[[ RECORDS SHOWN open ]]
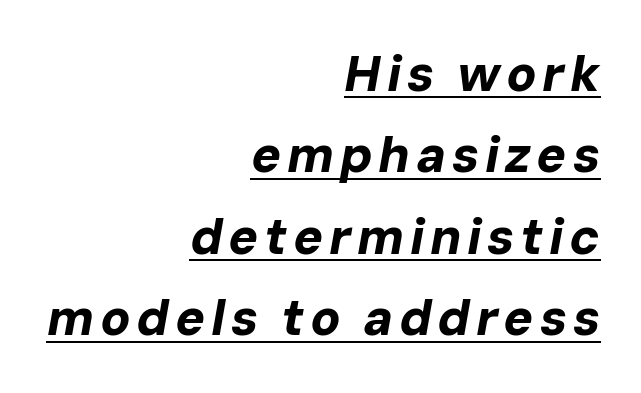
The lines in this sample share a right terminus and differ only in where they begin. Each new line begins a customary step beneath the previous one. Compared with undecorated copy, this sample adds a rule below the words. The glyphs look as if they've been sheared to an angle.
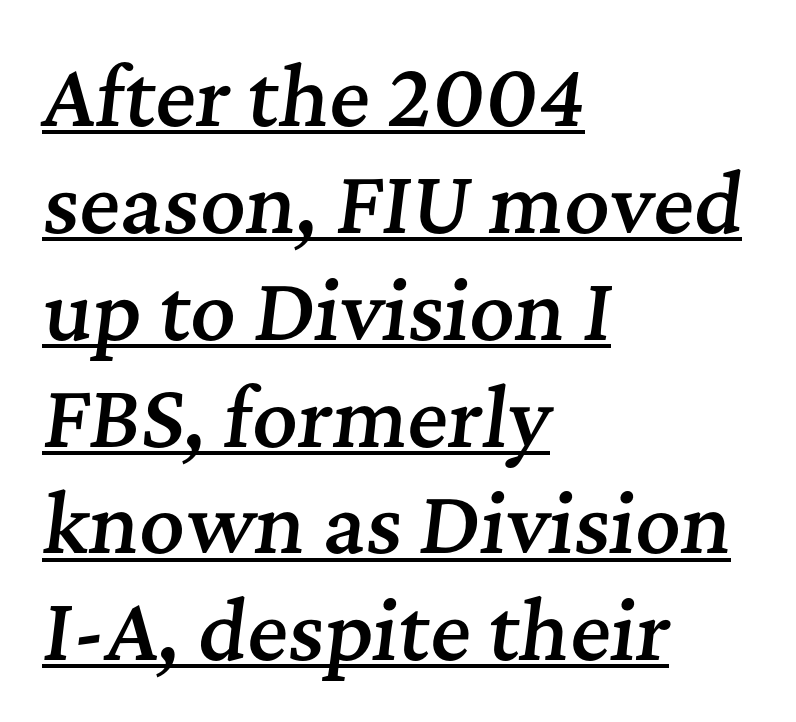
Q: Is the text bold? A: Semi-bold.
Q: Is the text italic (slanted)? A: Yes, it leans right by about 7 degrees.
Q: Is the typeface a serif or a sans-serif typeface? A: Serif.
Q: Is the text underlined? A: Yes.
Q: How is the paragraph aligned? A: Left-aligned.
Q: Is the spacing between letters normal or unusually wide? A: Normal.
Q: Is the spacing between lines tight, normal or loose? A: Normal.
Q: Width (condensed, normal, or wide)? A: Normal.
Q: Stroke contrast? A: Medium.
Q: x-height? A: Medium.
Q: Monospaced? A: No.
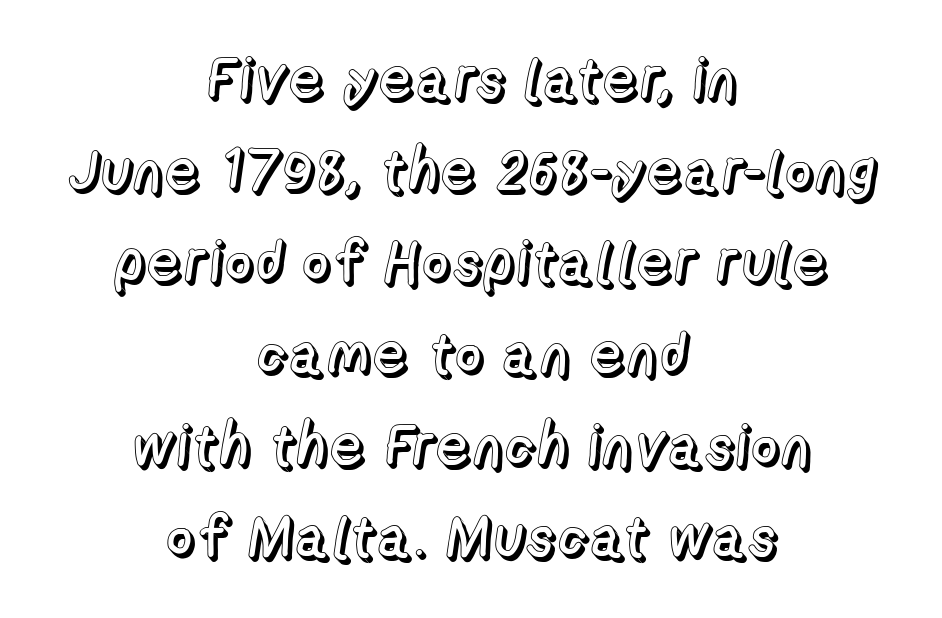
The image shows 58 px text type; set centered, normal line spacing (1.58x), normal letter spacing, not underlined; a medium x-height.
[[ RECORDS SHOWN closed ]]
[[ RECORDS SHOWN open ]]
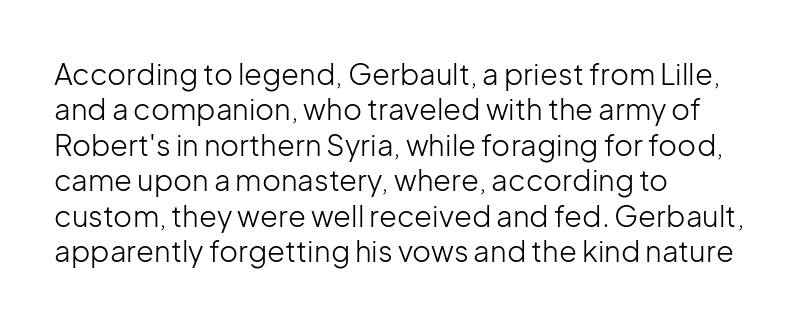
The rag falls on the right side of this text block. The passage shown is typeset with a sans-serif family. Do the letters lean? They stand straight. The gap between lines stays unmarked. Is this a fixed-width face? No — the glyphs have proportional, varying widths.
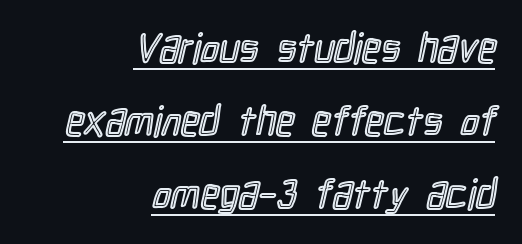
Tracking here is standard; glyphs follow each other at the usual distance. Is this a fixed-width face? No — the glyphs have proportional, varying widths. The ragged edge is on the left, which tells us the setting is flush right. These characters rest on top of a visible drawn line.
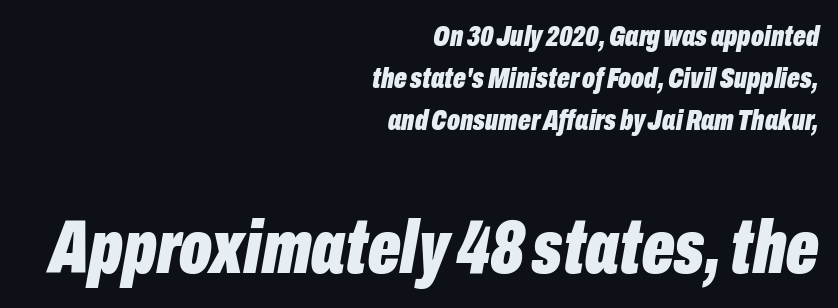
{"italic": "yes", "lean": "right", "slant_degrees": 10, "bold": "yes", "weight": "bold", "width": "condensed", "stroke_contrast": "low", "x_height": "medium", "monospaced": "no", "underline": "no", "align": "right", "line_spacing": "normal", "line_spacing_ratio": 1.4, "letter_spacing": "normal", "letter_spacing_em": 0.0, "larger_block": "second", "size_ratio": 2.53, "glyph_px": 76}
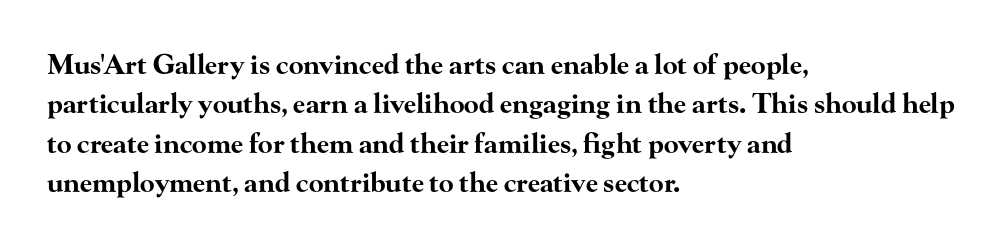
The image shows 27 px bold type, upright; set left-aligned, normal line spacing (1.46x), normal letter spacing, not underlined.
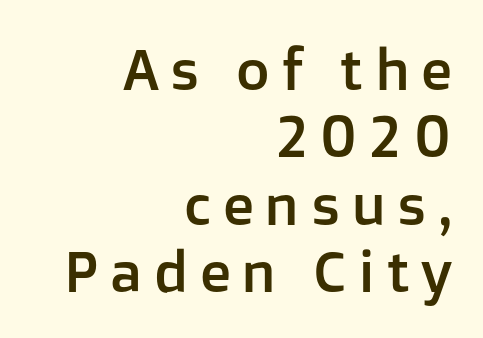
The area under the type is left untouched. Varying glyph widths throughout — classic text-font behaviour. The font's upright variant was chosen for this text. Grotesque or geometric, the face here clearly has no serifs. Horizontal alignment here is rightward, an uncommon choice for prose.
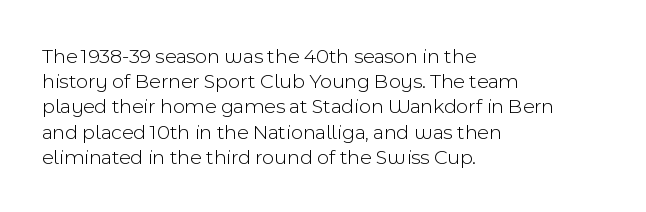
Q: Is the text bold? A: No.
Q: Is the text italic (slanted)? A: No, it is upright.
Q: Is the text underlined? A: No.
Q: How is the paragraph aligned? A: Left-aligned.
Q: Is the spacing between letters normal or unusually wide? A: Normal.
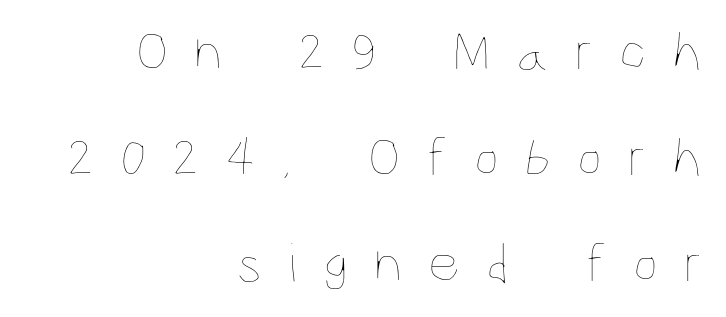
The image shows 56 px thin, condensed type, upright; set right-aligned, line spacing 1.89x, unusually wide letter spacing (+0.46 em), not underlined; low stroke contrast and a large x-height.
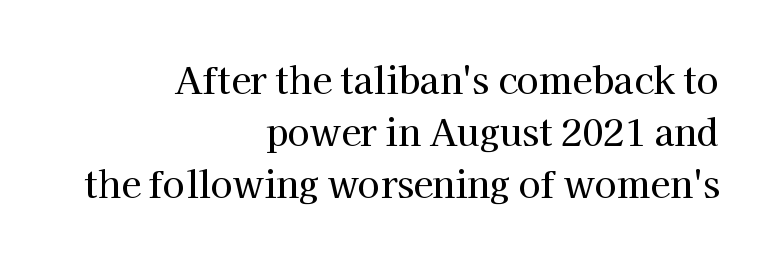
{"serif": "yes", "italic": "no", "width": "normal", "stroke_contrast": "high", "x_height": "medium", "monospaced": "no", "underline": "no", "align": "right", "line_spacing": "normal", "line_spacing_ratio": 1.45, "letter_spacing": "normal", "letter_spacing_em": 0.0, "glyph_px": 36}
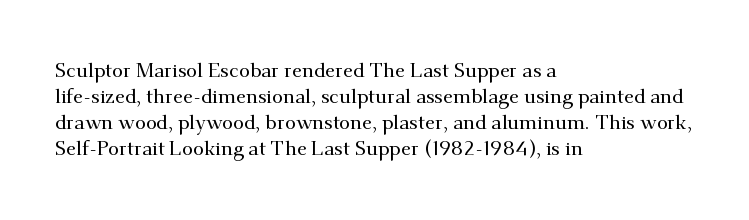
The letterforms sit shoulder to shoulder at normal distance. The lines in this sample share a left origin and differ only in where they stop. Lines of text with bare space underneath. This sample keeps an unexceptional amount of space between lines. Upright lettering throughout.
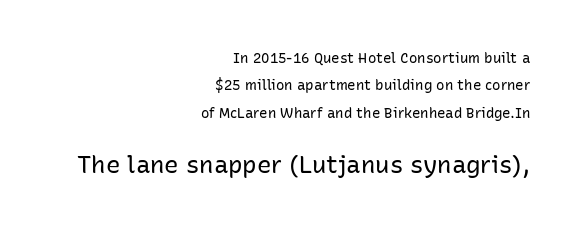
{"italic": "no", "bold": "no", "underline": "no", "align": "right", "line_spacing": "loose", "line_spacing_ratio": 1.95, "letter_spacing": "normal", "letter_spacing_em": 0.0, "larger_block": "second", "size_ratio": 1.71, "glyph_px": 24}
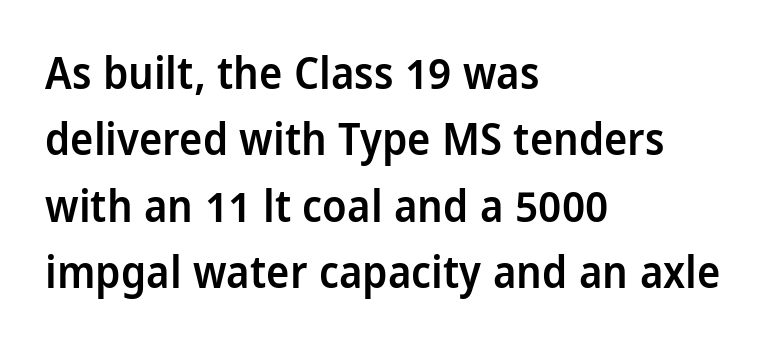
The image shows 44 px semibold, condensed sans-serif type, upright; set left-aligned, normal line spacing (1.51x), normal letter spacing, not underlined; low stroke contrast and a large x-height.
[[ RECORDS SHOWN closed ]]
[[ RECORDS SHOWN open ]]
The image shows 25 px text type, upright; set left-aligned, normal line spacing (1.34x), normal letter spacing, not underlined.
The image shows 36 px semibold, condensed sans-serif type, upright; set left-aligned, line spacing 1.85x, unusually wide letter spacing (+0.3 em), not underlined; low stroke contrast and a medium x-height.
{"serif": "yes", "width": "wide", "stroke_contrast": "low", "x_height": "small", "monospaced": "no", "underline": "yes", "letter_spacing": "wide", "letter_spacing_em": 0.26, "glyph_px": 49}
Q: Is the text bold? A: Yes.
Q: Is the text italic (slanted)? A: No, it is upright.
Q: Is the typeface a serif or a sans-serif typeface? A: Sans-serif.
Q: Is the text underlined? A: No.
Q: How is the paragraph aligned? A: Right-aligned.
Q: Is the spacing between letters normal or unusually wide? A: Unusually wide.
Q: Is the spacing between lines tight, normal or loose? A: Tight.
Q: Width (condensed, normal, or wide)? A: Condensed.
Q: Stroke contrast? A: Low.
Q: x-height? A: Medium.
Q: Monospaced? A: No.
[[ RECORDS SHOWN closed ]]
● **WHAT THIS TASK INVOLVES**: Take the lines above starting at the one containing "Q: Is the text underlined? A: Yes." and ending at the one containing "The image shows 58", and print them again exactly, without pictures.

● **EXERCISE SOLUTION**:
Q: Is the text underlined? A: Yes.
Q: How is the paragraph aligned? A: Left-aligned.
Q: Is the spacing between letters normal or unusually wide? A: Normal.
Q: Is the spacing between lines tight, normal or loose? A: Normal.
Q: Width (condensed, normal, or wide)? A: Normal.
Q: Stroke contrast? A: Medium.
Q: x-height? A: Medium.
Q: Monospaced? A: No.
The image shows 58 px text type; set centered, normal line spacing (1.58x), normal letter spacing, not underlined; a medium x-height.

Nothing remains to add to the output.